Regarding plant density, there was a significant delay of 17 days to reach the early balloon stage and the onset of anthesis in plants at high density (15 plants m-2) compared to plants at low density (10 plants m-2), but this difference disappeared thereafter (Table 2). Nitrogen is a mineral that can affect floral differentiation in strawberry (Wan et al., 2018), and when applied three weeks after the beginning of short-day conditions it can advance flowering by eight days (Woznicki et al., 2018). The plants in this experiment were exposed to short days just one month after the planting date; thus, plants at high densities could have a stronger competition for nitrogen than those at low densities, which affects the first two reproductive stages considered in this study.
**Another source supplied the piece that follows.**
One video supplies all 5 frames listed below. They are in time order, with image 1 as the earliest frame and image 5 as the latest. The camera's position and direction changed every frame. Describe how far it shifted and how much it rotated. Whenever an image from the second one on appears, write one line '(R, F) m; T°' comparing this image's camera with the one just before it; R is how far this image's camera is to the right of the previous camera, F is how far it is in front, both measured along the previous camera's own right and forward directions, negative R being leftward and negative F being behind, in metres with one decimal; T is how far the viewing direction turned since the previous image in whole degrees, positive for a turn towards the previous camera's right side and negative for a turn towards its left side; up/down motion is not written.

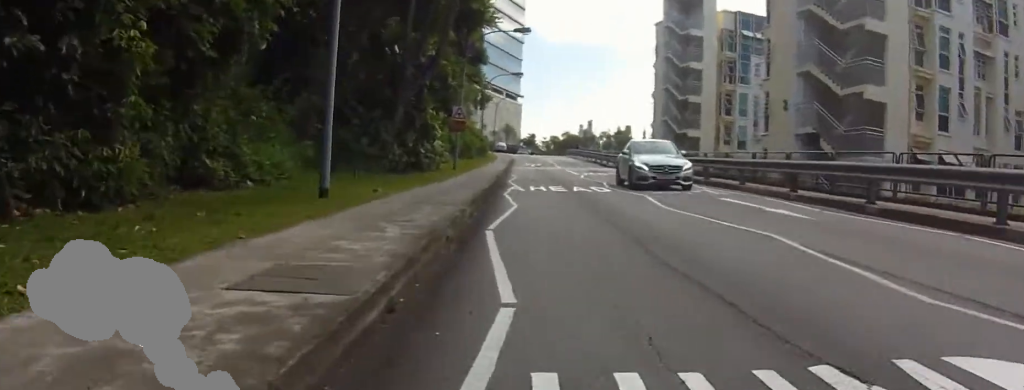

The lack of effect of plant density on the later reproductive stages is probably due to the similar foliar development between treatments during most of the growing period and to the similar de novo synthesis of carbohydrate which apparently is determinant for reproductive phenology in strawberry (Menzel and Smith, 2014).
Conclusions
Growing Festival strawberry on red volcanic rock had no effect on plant phyllochron or its reproductive phenology compared to plants grown in soil. Plant density also had no effect on the strawberry phyllochron; however, high densities can delay the onset of the early balloon stage and the onset of anthesis. Growing degree days (GDD) and days after planting (DAP) are highly correlated and GDD may predict DAP within a high-confidece interval. Phyllochron is highly correlated with air temperature and GDD can reliably predict leaf protrusion.